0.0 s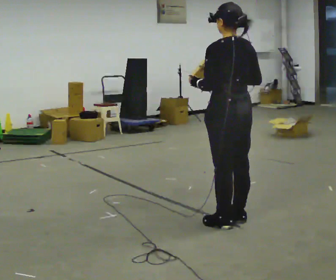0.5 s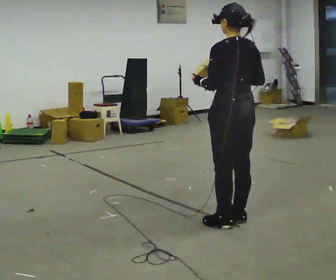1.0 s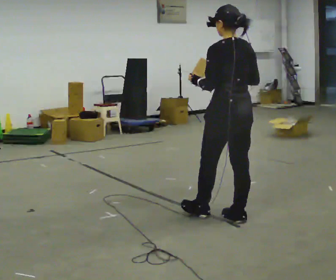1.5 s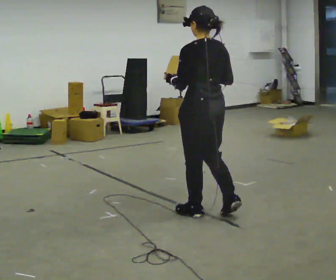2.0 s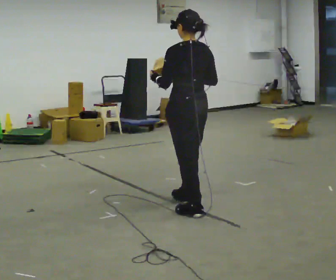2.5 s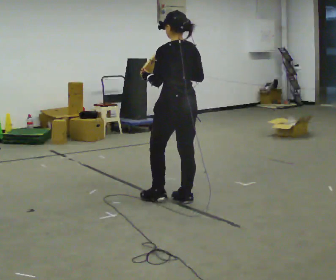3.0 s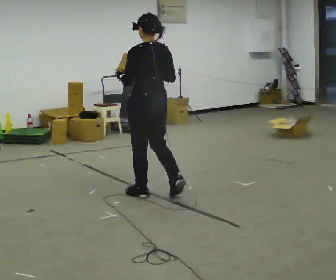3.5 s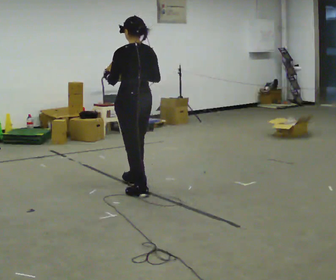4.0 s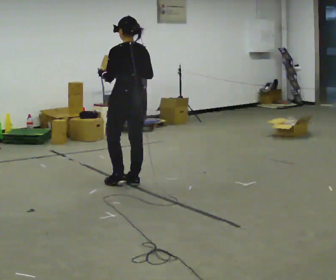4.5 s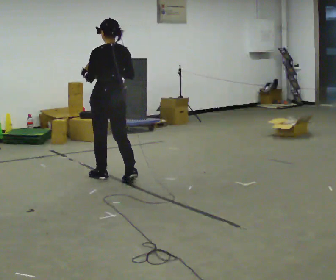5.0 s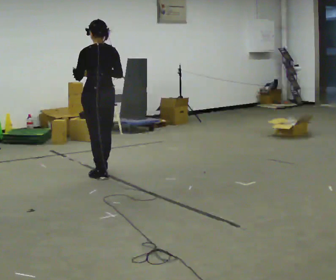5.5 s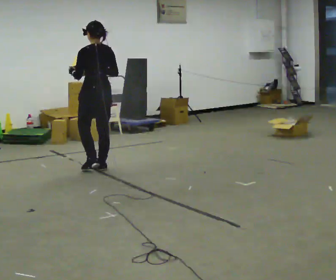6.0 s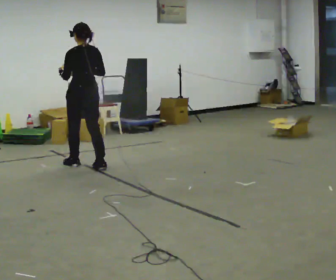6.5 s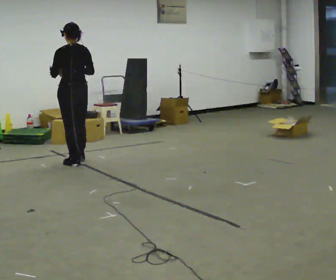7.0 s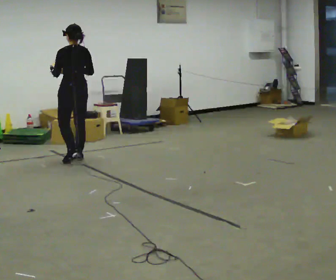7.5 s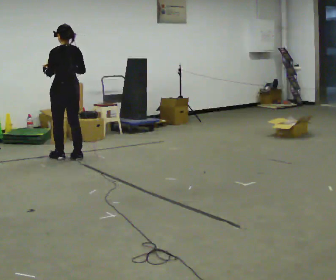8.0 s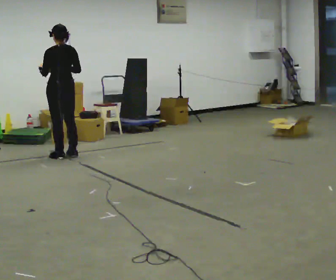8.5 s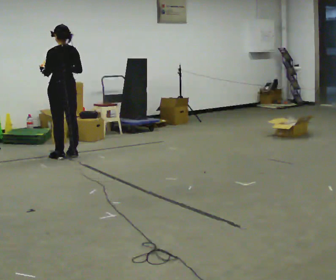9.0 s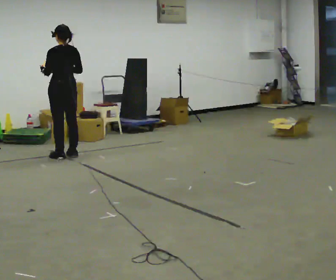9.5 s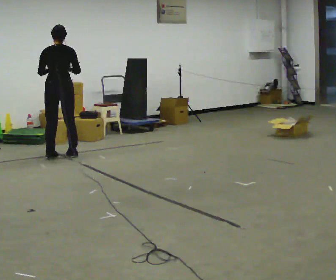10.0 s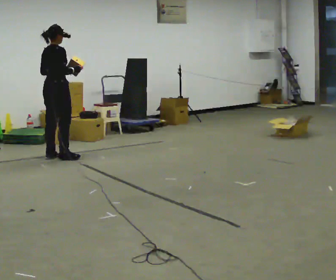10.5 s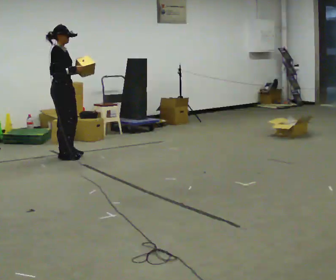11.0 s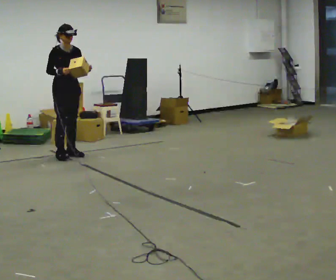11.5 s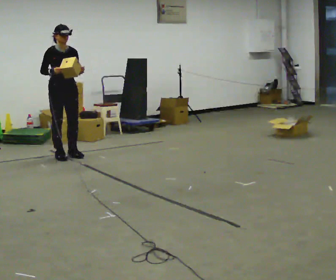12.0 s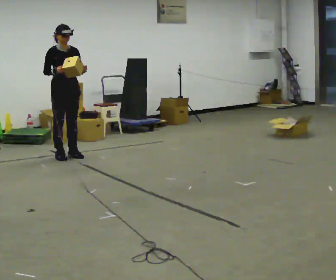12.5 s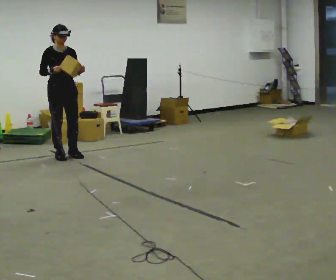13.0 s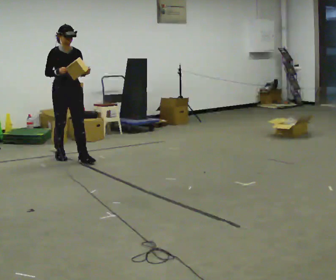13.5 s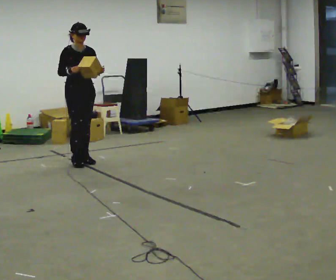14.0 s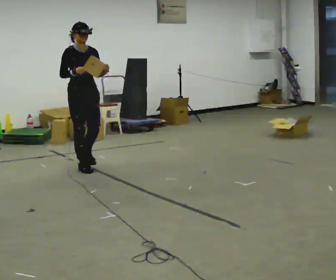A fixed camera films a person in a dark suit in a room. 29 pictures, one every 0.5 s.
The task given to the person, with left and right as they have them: Carry the object and, while walking, turn it over in your hands to look at all sides of it. Keep turning it as you walk.
0.0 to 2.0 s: In the picture they go away from the camera and to the left, about 0.5 m in 2 steps, which for them is forward.
2.0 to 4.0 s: In the picture they go away from the camera and to the left, about 1 m in 2 steps, which for them is forward.
4.0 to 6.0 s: In the picture they go away from the camera and to the left, about 1 m in 3 steps, which for them is forward.
6.0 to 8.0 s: In the picture they go away from the camera and to the left, about 0.5 m in 3 steps, which for them is forward.
8.0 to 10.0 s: The person turns about 75 degrees to their right, clockwise seen from above, so the part of the body nearest the lens slides to the left.
10.0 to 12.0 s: The person turns about 105 degrees to their right, clockwise seen from above, so the part of the body nearest the lens slides to the left. In the picture their left hand goes to the right.
12.0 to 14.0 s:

==============================

**Exercise prompt:** Only the lines from the one with "The task given" through the final line above belong in the answer, each retyped exactly.

**The answer:**
The task given to the person, with left and right as they have them: Carry the object and, while walking, turn it over in your hands to look at all sides of it. Keep turning it as you walk.
0.0 to 2.0 s: In the picture they go away from the camera and to the left, about 0.5 m in 2 steps, which for them is forward.
2.0 to 4.0 s: In the picture they go away from the camera and to the left, about 1 m in 2 steps, which for them is forward.
4.0 to 6.0 s: In the picture they go away from the camera and to the left, about 1 m in 3 steps, which for them is forward.
6.0 to 8.0 s: In the picture they go away from the camera and to the left, about 0.5 m in 3 steps, which for them is forward.
8.0 to 10.0 s: The person turns about 75 degrees to their right, clockwise seen from above, so the part of the body nearest the lens slides to the left.
10.0 to 12.0 s: The person turns about 105 degrees to their right, clockwise seen from above, so the part of the body nearest the lens slides to the left. In the picture their left hand goes to the right.
12.0 to 14.0 s:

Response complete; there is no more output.